Question: Should I include the entity table and do the resolving and tag
stripping by myself (won't be a problem for me)?

Another option would be to add more attributes to PodcastEpisode (and/or Track?)
that stores the information on what type the corresponding field actually has.
But that would involve changes to database tables (additional fields and that
would break existing databases?) and if fields other than the description would
get this, I guess this would involve changes to lots of parts of Amarok in order
to handle it right. So I guess not an option at all.
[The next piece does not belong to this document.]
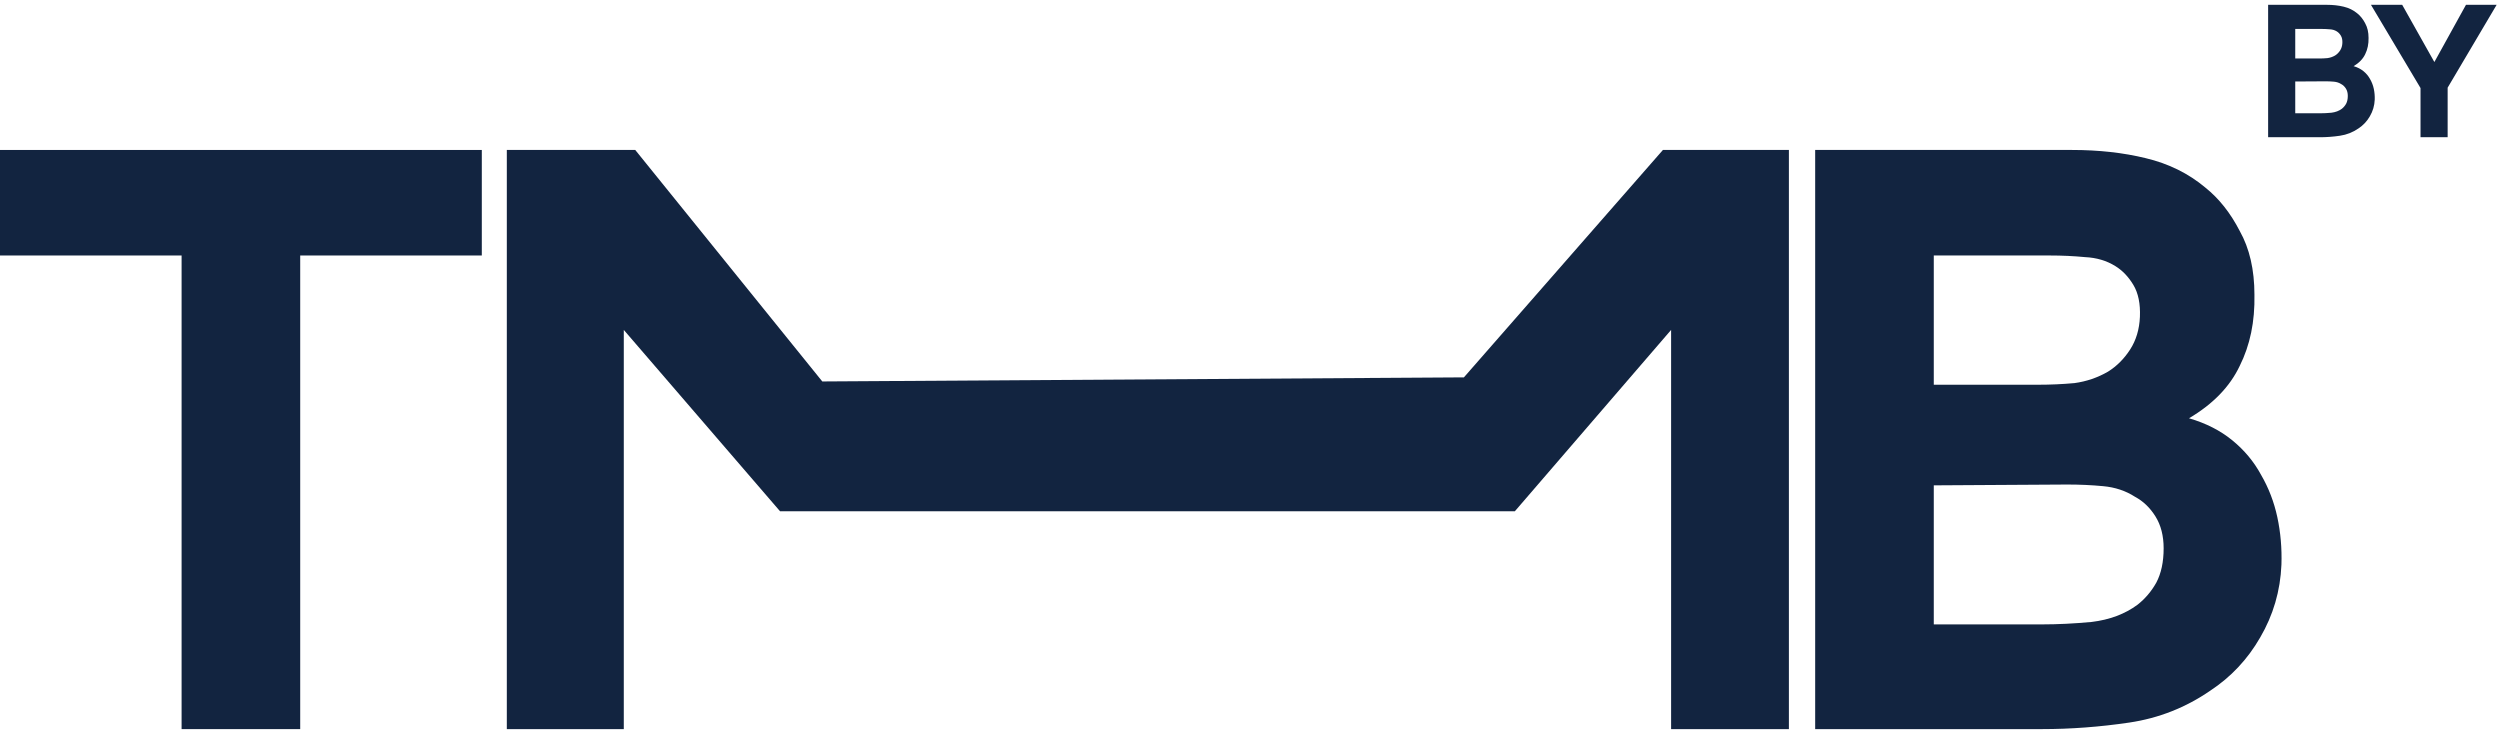 <?xml version="1.0" encoding="UTF-8"?> <svg xmlns="http://www.w3.org/2000/svg" width="419" height="123" viewBox="0 0 419 123" fill="none"><path d="M380.138 23V0.808H389.98C391.004 0.808 391.944 0.912 392.801 1.121C393.679 1.33 394.442 1.706 395.089 2.25C395.612 2.668 396.051 3.221 396.406 3.911C396.782 4.58 396.97 5.395 396.97 6.356C396.991 7.38 396.803 8.289 396.406 9.083C396.03 9.877 395.382 10.546 394.463 11.089C395.11 11.277 395.664 11.559 396.124 11.935C396.584 12.311 396.949 12.75 397.221 13.252C397.513 13.753 397.722 14.297 397.848 14.882C397.973 15.467 398.025 16.073 398.004 16.7C397.963 17.703 397.691 18.633 397.19 19.489C396.709 20.325 396.072 21.004 395.277 21.527C394.337 22.175 393.303 22.582 392.174 22.749C391.046 22.916 389.928 23 388.82 23H380.138ZM388.695 9.804C389.155 9.804 389.615 9.783 390.074 9.741C390.534 9.678 390.962 9.532 391.359 9.302C391.694 9.093 391.976 8.811 392.206 8.456C392.436 8.101 392.561 7.683 392.582 7.202C392.603 6.701 392.519 6.293 392.331 5.98C392.143 5.666 391.913 5.426 391.641 5.259C391.307 5.05 390.921 4.935 390.482 4.914C390.043 4.872 389.594 4.851 389.134 4.851H384.683V9.804H388.695ZM384.683 18.988H388.82C389.426 18.988 390.064 18.956 390.732 18.894C391.422 18.81 392.007 18.591 392.488 18.236C392.78 18.006 393.021 17.724 393.209 17.389C393.397 17.034 393.491 16.595 393.491 16.073C393.491 15.592 393.386 15.185 393.177 14.85C392.968 14.516 392.707 14.265 392.394 14.098C392.039 13.868 391.631 13.732 391.171 13.691C390.732 13.649 390.273 13.628 389.792 13.628L384.683 13.659V18.988ZM413.297 0.808H418.437L410.225 14.694V23H405.68V14.756L397.374 0.808H402.608L408 10.399L413.297 0.808Z" fill="#122440"></path><path d="M0 42.82V25.134H80.75V42.82H50.315V122.199H30.435V42.82H0Z" fill="#122440"></path><path d="M106.467 25.134L137.817 63.933L245.35 63.247L278.706 25.134H299.819V122.199H280.077V55.295L253.892 85.685H130.733L104.548 55.295V122.199H84.943V25.134H106.467Z" fill="#122440"></path><path d="M304.223 122.199V25.134H347.271C351.75 25.134 355.863 25.591 359.61 26.505C363.449 27.419 366.785 29.064 369.618 31.441C371.903 33.269 373.822 35.691 375.376 38.707C377.021 41.632 377.844 45.196 377.844 49.4C377.935 53.879 377.113 57.855 375.376 61.328C373.731 64.801 370.898 67.726 366.876 70.102C369.71 70.924 372.132 72.158 374.142 73.804C376.153 75.449 377.753 77.368 378.941 79.562C380.22 81.755 381.134 84.132 381.683 86.691C382.231 89.25 382.459 91.9 382.368 94.642C382.185 99.029 380.997 103.097 378.804 106.844C376.701 110.5 373.914 113.47 370.441 115.755C366.328 118.588 361.804 120.371 356.868 121.102C351.933 121.833 347.043 122.199 342.199 122.199H304.223ZM341.65 64.481C343.661 64.481 345.672 64.39 347.683 64.207C349.693 63.933 351.567 63.293 353.304 62.287C354.766 61.373 356 60.14 357.005 58.586C358.011 57.032 358.559 55.204 358.65 53.102C358.742 50.908 358.376 49.126 357.554 47.755C356.731 46.384 355.726 45.333 354.538 44.602C353.075 43.688 351.384 43.185 349.465 43.094C347.546 42.911 345.581 42.82 343.57 42.82H324.102V64.481H341.65ZM324.102 104.65H342.199C344.849 104.65 347.637 104.513 350.562 104.239C353.578 103.873 356.137 102.914 358.239 101.36C359.519 100.355 360.57 99.121 361.392 97.658C362.215 96.105 362.626 94.185 362.626 91.9C362.626 89.798 362.169 88.016 361.255 86.553C360.341 85.091 359.199 83.994 357.828 83.263C356.274 82.258 354.492 81.664 352.481 81.481C350.562 81.298 348.551 81.207 346.449 81.207L324.102 81.344V104.65Z" fill="#122440"></path></svg>

Apropos: For feeds that do not support a type attribute (RSS 1.0/2.0), I found
out there is already a function in Qt to guess whether it is (or might be html)
or not:
http://doc.trolltech.com/4.5/qt.html#mightBeRichText
Haven't used it yet, though.

== Fields ==
There are some fields in PodcastMetaCommon that seem not to be used and where
not even read: summary, subtitle and I think author wasn't read either (or was
it?). I do read them from the feed. In RSS 1.0/2.0 I do guessing about this
this, because there actually is only the <description> element in the standard
but there are often other elements used. I decide what to use this way:

If only the description std element is there:
description=description

If itunes:summary is there:
summary=description, description=itunes:summary
(Hm, maybe not that of a good guessing on this one, but usually description is
shorter than itunes:summary.)

In itunes:summary and body are there:
subtitle=description, summary=itunes:summary, description=body

In Atom there is no guessing:
subtitle=subtitle, summary=summary, description=content

However, subtitle and summary seem not to be used anywhere yet, or did I
overlook something?

You see that Atom seems to be an awesome format that already thinks about a lot
of cases that aren't covered by RSS 1.0/2.0. However, one thing it's missing is
some kind of <description> for *feeds*. The summary and content elements are for
episodes only, the feed element only has a subtitle child, so I guess users will
likely use a provides RSS feed instead (where we have to guess the content type
of the <description>).

But I have yet to find anything to put in the keywords field of
PodcastMetaCommon. Maybe <category>?

	-panzi